Campaigners representing access and outdoor recreation today marked the fifth anniversary of the closure of Edinburgh's Radical Road by calling for Historic Environment Scotland (HES) to "see sense" on their management of the iconic path and the once-popular bouldering venue beside it.
HES shut the 200-year-old path in September 2018 due to concerns about rockfall. Running below the dramatic escarpment of Salisbury Crags, the route was formerly one of the most popular ways up the urban mini-mountain of Arthur's Seat, a major attraction for visitors and local residents alike. The closure has also affected South Quarry, for many decades a favourite city centre bouldering venue.
Five years from its original closure the Radical Road remains blocked by metal fencing, under bylaws that exempt Holyrood Park from access rights enjoyed elsewhere in Scotland.
But ScotWays chair Katharine Taylor is concerned at the process under which the path was originally closed, and the precedent this might set.
"The Radical Road is a recorded right of way" she said.
"There is a process which should be followed before closing a right of way, but this path was blocked unilaterally without using formal procedures and there has been little engagement since. We acknowledge that HES has an obligation to ensure public safety, but landowners and managers in Scotland also have a legal duty and responsibility not to obstruct or deny public access unnecessarily. It is very disappointing that a national agency has closed a popular right of way in our capital city, right next to our Parliament building. If it can happen here, what protection is there for other, less well-known rights of way?"

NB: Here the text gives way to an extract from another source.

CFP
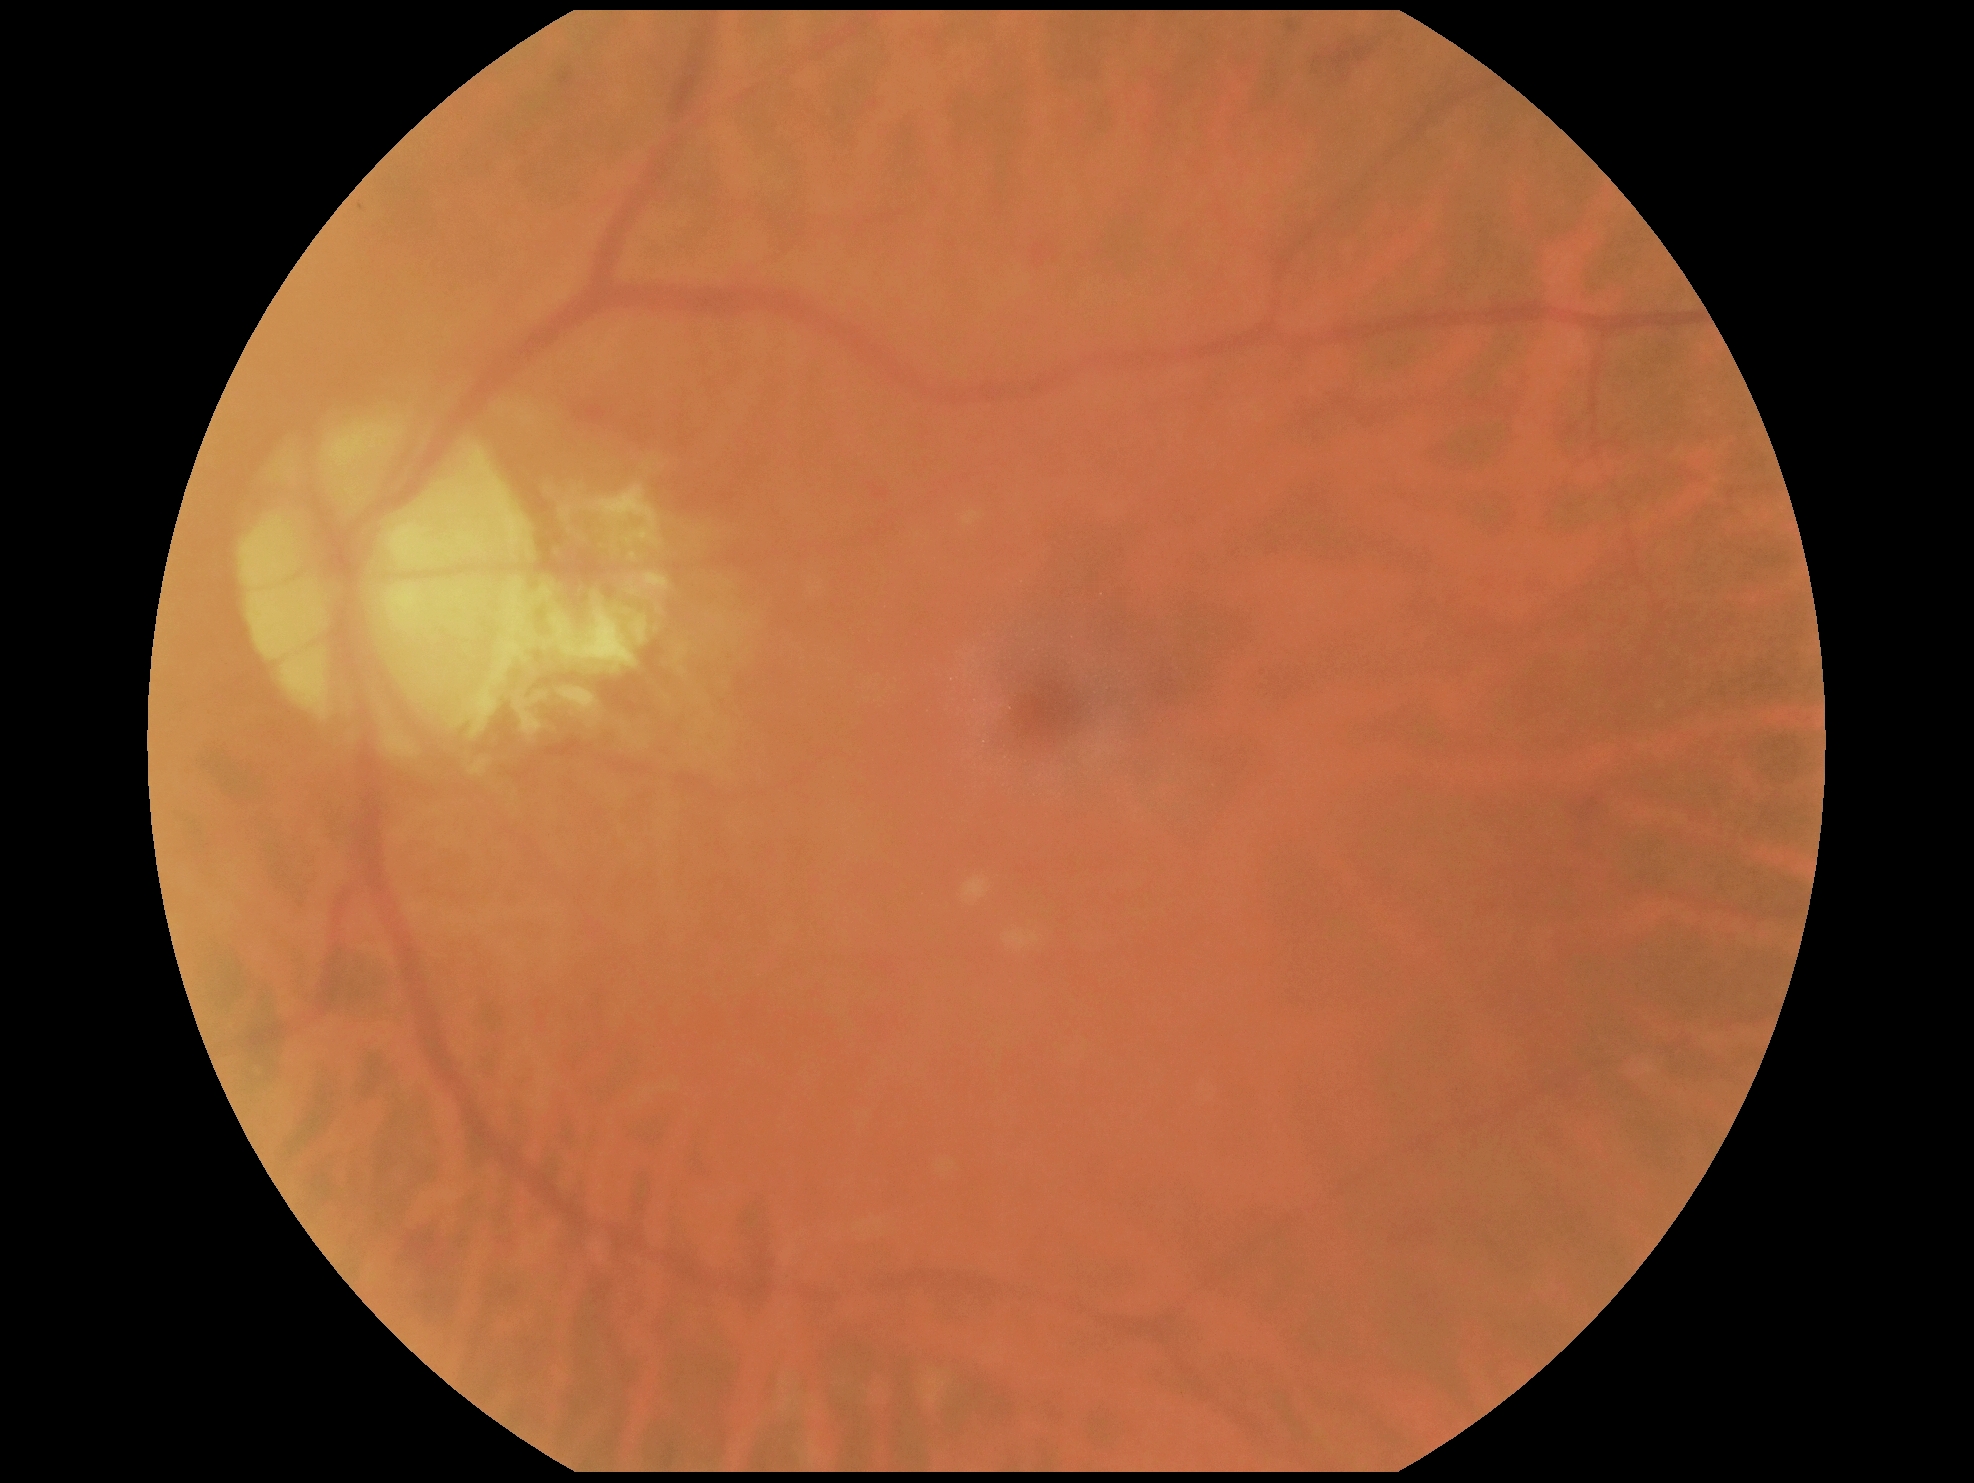

Diabetic retinopathy (DR): grade 2 (moderate NPDR) — more than just microaneurysms but less than severe NPDR.

Groups including Ramblers Scotland, Cockburn Association, Edinburgh Geological Society, Mountaineering Scotland and ScotWays are urging HES to make a 'more holistic' assessment of risks, weighing the low risk of rockfall injury against the harm the closure causes to the economy, landscape, tourism and people's health and wellbeing.
Leaders of these groups met at the path today to call for urgent HES action and to discuss options. They agreed to begin running their own process to consult those affected by the closure of Radical Road, to which HES will be invited.
"It is farcical that Historic Environment Scotland has failed to reopen the Radical Road, following half a decade of missed deadlines and broken promises" said Ramblers Scotland director Brendan Paddy.
"It is a national embarrassment that the body tasked with caring for and promoting Scotland's historic environment has left this iconic 200-year-old path shut away behind ugly fences for five years, with no end in sight. HES must immediately see sense and stop managing this world-famous geological feature like a crumbling historic building. Residents and tourists should be advised of the risks then allowed to make informed decisions, like everywhere else in Scotland."
During meetings in summer 2022, HES committed to publishing a park management plan by autumn 2022 and to keep communicating with stakeholders. Since then, there has been no update to the campaign partners.
HES' own risk assessment fails to mention that outdoor recreation is enjoyed at people's own risk across Scotland every day, point out the groups. This includes popular sites where signage is used to advise of potential risks such as cliffs, tides or forestry and farming.